======== INPUT DATA

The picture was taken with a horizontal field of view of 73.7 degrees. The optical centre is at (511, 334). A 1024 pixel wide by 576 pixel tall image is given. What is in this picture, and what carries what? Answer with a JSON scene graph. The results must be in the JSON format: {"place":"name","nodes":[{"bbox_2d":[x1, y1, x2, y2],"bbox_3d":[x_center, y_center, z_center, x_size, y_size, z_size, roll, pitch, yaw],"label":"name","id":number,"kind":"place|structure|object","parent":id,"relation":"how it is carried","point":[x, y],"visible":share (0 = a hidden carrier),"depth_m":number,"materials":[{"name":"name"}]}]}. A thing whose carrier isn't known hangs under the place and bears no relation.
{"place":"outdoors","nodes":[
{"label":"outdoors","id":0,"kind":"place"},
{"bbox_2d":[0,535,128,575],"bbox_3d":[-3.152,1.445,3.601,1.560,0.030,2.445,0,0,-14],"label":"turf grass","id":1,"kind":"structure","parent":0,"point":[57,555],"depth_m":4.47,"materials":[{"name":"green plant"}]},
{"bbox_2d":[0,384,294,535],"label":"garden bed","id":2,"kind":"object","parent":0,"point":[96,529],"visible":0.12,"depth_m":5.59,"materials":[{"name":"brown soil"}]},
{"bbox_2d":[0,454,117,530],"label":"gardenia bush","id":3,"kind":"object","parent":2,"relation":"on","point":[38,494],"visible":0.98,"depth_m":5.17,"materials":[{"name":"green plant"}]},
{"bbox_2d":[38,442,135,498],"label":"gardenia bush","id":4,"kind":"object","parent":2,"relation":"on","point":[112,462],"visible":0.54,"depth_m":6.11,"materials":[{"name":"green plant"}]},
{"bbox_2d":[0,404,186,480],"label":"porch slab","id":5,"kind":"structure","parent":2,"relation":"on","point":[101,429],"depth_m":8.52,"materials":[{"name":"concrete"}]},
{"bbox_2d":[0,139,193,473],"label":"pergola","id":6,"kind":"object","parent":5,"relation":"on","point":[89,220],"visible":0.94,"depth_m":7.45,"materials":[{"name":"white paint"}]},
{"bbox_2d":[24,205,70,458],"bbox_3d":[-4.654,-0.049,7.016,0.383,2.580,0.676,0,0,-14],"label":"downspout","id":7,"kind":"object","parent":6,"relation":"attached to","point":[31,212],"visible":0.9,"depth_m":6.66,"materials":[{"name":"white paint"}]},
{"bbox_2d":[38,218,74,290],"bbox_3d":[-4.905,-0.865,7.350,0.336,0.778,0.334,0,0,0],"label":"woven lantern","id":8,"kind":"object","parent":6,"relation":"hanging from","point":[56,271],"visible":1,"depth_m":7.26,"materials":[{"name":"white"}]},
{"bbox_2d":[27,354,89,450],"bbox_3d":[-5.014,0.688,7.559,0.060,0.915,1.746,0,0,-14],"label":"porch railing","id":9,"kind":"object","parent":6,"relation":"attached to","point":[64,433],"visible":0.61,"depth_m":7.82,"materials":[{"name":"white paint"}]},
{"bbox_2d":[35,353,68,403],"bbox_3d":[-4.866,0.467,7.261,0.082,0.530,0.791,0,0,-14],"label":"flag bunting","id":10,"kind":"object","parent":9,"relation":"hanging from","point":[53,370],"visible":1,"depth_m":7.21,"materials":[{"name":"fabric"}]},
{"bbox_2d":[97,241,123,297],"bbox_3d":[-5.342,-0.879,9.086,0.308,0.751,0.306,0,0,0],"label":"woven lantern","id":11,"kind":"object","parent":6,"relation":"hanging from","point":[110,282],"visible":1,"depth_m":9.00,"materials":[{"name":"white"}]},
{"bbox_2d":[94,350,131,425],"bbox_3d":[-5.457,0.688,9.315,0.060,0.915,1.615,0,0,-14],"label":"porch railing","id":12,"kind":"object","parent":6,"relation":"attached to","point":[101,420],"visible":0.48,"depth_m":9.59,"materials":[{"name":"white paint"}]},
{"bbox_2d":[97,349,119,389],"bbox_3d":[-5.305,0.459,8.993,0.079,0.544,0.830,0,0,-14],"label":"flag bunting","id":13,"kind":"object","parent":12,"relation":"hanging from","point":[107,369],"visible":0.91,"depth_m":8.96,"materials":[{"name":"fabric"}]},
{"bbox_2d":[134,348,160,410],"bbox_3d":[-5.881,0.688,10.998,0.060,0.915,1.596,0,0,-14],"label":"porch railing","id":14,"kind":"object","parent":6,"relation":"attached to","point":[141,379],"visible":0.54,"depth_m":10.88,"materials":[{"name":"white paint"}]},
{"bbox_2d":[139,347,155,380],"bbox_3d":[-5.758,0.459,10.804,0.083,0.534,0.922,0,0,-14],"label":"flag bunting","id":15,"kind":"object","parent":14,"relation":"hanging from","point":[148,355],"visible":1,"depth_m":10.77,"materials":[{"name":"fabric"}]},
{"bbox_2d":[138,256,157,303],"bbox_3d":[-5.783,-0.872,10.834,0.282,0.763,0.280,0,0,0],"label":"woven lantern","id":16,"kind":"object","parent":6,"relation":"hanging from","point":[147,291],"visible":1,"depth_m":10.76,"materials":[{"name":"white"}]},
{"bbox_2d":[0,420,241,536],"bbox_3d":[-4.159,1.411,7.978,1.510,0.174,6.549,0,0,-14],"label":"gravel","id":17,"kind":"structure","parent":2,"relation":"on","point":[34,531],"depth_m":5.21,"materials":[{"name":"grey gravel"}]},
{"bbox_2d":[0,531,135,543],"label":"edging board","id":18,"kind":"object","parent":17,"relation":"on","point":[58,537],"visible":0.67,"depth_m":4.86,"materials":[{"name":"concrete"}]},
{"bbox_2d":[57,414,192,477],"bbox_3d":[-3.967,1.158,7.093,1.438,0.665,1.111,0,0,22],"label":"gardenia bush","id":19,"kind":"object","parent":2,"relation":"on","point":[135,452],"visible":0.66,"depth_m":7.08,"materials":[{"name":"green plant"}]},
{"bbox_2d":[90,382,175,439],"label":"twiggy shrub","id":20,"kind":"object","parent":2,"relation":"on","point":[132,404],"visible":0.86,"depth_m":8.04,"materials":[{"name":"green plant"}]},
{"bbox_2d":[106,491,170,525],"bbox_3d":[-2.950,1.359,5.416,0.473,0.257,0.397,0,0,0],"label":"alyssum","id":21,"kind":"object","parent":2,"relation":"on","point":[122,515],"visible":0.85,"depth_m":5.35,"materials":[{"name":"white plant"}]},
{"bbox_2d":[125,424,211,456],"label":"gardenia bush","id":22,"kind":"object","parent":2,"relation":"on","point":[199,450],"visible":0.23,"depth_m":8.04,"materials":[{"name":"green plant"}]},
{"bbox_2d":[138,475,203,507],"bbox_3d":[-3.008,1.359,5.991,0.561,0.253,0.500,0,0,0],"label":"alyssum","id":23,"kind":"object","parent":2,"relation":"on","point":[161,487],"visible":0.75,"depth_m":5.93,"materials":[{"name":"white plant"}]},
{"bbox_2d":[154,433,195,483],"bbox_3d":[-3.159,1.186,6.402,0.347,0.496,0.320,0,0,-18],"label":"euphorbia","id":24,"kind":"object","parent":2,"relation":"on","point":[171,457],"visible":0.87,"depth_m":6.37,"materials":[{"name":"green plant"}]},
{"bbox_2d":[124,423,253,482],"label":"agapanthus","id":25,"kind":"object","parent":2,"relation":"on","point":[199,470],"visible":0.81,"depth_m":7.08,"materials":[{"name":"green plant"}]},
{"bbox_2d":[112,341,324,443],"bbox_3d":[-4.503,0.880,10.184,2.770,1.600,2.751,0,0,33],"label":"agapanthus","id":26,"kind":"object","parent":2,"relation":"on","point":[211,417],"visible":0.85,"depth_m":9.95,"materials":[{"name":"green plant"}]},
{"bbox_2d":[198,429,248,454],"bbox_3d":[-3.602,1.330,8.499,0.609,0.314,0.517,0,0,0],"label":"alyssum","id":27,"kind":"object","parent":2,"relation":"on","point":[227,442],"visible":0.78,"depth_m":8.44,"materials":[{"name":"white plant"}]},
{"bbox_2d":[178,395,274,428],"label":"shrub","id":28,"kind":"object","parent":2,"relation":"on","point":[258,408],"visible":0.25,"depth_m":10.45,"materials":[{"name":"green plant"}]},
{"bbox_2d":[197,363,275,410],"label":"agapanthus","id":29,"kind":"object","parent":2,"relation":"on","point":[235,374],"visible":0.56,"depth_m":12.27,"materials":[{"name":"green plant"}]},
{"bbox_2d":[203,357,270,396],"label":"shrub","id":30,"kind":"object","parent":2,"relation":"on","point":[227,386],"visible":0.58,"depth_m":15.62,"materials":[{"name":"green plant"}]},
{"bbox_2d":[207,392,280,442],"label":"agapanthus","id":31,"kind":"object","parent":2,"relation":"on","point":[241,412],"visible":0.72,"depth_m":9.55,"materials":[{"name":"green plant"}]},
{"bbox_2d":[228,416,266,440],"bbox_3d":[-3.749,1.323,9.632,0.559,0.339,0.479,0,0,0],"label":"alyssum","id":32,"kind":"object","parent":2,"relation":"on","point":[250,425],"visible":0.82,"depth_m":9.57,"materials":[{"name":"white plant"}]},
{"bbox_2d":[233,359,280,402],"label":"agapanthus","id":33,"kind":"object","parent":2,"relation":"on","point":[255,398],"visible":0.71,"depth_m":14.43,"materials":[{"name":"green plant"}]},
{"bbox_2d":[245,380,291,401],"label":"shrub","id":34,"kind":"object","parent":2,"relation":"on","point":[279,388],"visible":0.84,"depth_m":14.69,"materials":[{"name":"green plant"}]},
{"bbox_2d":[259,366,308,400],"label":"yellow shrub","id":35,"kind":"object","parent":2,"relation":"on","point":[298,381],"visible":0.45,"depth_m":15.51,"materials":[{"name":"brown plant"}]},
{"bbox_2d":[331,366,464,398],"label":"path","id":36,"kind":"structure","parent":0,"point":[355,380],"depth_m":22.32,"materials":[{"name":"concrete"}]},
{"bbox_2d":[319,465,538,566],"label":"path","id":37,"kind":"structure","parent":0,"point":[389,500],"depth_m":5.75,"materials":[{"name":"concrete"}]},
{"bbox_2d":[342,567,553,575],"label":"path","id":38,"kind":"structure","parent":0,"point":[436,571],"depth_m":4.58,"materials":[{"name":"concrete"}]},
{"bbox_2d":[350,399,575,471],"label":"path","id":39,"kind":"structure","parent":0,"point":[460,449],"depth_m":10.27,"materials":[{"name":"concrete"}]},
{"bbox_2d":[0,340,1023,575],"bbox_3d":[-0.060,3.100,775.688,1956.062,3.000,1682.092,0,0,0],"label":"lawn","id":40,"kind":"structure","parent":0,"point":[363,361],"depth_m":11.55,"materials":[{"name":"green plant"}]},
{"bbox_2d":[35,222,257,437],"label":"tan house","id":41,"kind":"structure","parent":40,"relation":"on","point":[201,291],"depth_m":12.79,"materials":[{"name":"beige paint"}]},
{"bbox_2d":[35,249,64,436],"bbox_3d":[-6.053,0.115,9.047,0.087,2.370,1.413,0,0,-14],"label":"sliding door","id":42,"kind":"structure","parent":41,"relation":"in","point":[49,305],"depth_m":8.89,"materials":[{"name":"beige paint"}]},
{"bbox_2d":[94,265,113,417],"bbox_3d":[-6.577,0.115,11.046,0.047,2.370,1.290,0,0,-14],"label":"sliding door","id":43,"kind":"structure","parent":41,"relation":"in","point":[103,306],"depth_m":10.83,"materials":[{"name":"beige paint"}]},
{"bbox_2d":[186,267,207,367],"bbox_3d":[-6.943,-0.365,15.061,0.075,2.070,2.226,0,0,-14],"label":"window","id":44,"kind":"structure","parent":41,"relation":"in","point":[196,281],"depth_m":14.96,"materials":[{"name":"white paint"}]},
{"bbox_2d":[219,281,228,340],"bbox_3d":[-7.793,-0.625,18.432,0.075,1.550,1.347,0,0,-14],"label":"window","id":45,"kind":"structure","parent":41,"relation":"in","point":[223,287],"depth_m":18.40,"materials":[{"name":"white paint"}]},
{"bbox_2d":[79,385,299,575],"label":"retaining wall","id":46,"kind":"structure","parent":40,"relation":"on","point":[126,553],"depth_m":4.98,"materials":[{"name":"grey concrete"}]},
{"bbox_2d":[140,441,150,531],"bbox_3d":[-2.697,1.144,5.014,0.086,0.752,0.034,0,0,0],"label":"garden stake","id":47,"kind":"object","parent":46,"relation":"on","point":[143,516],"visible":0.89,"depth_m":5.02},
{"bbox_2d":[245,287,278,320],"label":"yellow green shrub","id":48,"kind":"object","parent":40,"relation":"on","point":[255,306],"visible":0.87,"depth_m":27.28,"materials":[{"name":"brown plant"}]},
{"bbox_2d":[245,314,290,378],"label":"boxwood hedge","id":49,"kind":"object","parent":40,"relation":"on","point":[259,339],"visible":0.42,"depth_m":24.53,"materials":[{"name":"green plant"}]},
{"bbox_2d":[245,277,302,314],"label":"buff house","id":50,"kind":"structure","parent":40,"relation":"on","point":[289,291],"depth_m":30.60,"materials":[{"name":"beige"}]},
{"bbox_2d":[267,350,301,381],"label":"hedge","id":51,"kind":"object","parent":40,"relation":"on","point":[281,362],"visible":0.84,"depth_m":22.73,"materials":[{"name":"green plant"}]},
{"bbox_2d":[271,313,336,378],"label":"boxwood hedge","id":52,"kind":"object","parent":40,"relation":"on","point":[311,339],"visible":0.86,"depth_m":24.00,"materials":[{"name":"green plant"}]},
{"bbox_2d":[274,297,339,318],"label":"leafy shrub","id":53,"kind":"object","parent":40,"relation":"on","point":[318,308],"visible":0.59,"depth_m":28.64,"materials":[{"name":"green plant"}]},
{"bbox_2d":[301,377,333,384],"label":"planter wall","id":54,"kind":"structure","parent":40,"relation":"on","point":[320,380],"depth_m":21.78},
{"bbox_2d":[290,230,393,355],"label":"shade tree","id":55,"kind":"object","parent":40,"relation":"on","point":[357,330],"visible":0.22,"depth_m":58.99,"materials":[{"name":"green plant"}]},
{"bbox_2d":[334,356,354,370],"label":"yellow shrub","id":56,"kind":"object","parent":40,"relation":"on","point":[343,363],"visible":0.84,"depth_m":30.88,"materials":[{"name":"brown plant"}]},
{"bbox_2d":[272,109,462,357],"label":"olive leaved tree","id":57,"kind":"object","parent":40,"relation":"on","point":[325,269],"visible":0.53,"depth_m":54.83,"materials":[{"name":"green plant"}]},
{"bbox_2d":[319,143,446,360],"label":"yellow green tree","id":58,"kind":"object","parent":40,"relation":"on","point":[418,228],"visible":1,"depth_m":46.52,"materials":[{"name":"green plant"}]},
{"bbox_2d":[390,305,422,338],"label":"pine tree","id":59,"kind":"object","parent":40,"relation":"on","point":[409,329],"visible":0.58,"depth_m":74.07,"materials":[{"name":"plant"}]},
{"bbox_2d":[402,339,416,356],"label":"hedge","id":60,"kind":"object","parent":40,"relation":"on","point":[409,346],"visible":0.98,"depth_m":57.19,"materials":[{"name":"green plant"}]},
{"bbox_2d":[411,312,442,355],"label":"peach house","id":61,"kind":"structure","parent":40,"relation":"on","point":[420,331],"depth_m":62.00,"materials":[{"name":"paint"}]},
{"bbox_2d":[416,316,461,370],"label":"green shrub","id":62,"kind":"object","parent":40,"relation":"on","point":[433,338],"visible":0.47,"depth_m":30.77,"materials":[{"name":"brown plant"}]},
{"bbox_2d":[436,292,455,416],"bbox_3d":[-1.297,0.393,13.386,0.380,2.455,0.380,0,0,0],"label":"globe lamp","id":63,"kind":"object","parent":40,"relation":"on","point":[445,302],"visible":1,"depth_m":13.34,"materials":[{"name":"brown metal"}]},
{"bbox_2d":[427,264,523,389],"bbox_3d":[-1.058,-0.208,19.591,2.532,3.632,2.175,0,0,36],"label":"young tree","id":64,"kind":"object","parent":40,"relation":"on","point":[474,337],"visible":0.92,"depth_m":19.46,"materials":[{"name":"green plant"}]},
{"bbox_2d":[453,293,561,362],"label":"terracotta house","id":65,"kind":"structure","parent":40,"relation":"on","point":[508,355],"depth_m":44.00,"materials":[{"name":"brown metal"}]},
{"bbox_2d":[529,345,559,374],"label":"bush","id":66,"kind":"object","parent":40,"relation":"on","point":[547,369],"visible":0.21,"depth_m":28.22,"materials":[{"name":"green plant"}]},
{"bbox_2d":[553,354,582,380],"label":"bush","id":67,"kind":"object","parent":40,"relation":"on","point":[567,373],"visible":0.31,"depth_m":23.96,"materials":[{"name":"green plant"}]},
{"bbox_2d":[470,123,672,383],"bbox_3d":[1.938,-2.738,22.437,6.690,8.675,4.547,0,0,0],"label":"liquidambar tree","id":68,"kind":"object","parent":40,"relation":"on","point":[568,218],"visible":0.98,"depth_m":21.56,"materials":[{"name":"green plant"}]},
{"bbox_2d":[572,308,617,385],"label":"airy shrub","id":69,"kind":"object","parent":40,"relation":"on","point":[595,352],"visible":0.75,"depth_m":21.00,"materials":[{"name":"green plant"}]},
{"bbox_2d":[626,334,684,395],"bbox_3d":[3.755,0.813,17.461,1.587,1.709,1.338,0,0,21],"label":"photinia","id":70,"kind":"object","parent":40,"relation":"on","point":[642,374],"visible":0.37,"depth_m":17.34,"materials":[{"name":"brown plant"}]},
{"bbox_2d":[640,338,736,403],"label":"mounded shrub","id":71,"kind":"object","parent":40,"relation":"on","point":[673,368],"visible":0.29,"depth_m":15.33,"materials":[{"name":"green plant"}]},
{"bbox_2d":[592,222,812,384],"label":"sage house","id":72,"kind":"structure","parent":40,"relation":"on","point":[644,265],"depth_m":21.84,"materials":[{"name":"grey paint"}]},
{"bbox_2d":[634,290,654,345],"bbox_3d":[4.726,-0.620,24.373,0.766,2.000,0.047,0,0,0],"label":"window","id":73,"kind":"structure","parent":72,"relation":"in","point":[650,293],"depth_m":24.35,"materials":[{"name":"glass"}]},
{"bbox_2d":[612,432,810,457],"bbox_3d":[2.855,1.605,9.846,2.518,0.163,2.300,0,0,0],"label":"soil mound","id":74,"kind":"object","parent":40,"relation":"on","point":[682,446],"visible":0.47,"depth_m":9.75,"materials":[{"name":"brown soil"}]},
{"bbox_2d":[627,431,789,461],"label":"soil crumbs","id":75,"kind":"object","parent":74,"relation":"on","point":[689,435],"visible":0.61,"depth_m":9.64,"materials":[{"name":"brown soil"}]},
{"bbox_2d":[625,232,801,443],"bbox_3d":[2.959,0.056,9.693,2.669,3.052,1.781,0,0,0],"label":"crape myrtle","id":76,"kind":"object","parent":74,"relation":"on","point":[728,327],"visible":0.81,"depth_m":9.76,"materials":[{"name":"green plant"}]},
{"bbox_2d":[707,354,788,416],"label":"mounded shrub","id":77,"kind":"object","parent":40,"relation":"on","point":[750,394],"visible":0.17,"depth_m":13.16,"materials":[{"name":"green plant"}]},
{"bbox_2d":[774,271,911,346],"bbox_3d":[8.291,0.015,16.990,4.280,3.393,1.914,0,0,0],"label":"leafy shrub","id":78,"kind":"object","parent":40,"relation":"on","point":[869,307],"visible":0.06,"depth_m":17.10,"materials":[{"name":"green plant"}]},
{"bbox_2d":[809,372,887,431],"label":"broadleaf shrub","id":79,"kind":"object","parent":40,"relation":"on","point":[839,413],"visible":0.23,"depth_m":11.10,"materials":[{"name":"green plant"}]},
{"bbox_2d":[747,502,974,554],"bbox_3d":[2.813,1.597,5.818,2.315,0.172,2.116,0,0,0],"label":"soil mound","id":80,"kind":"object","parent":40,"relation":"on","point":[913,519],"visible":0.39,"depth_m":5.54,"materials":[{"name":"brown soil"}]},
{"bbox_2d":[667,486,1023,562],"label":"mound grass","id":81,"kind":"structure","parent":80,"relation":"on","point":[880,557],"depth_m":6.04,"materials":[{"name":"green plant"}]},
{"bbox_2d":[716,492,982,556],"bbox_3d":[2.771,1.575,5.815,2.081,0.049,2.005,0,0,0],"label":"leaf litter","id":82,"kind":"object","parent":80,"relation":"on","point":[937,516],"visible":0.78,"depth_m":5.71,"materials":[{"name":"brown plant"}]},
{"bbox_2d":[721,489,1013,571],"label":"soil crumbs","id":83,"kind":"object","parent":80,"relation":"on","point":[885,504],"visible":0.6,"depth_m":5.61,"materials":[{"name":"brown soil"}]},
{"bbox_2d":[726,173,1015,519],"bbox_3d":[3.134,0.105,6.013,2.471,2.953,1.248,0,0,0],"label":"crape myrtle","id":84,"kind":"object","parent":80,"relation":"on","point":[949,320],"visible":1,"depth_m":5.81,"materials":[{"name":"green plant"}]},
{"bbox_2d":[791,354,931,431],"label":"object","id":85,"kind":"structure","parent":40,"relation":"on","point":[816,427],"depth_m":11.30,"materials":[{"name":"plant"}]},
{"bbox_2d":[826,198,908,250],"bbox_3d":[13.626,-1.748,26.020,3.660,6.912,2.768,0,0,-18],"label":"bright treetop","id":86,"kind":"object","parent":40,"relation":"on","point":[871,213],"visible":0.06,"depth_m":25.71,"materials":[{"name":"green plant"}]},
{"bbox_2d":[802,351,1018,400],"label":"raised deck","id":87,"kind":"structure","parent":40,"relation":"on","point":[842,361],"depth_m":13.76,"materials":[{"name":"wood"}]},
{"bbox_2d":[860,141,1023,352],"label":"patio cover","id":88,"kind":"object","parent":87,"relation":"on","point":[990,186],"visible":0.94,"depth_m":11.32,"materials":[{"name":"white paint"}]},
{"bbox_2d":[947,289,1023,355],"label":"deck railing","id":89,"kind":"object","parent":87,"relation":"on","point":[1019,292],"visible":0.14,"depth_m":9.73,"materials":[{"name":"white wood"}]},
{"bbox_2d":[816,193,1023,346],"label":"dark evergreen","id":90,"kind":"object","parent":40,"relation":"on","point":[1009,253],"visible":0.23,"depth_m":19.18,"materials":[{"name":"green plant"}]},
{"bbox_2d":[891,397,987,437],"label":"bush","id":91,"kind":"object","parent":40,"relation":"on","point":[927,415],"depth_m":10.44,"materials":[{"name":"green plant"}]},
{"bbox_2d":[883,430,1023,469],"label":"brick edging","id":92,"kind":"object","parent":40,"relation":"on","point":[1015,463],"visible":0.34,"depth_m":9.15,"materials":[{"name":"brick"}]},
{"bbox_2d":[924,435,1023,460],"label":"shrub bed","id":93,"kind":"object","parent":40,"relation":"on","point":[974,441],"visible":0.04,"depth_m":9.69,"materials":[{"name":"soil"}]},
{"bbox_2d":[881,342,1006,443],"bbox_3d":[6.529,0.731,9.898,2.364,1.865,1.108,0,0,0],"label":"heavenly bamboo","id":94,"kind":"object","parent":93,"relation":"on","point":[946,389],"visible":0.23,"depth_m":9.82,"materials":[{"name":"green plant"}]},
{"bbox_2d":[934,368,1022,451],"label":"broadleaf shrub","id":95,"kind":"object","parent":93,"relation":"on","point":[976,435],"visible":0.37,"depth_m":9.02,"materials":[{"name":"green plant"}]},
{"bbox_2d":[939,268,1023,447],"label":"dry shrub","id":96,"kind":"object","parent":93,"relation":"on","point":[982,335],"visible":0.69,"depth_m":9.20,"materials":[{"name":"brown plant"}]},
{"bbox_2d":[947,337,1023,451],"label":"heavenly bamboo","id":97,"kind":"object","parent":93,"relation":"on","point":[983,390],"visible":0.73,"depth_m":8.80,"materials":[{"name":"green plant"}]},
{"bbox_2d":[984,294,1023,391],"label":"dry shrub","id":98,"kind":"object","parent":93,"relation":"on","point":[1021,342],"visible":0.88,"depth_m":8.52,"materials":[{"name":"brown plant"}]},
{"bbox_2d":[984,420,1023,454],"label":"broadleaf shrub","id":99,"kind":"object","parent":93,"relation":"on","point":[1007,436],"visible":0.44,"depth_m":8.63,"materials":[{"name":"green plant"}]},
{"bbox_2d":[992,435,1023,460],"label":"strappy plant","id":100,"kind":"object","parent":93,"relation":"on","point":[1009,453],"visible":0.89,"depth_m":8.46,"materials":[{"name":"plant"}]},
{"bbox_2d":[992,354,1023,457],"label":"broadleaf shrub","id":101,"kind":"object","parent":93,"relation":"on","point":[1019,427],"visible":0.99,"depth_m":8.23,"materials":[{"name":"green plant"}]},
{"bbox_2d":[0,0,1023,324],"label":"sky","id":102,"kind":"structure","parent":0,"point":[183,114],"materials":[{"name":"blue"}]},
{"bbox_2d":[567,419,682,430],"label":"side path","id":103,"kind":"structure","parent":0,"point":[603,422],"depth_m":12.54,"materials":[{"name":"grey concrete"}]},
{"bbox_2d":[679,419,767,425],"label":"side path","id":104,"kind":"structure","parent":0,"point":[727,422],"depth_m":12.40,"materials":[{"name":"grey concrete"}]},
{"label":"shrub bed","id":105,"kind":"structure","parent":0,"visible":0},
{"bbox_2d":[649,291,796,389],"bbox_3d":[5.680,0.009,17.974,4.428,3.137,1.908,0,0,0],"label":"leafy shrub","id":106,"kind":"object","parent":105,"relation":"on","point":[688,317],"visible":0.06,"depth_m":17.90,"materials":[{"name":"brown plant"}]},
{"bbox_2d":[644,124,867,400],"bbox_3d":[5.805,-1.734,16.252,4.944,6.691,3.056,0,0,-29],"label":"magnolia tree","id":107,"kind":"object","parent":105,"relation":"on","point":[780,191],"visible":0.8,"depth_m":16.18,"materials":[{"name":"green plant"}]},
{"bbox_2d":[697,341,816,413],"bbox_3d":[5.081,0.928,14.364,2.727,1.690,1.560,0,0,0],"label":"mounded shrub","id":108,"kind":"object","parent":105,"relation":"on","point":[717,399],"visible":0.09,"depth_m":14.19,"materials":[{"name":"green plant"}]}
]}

================

● YOUR TASK
Say only the number of lines above holding "outdoors".

● EXERCISE ANSWER
2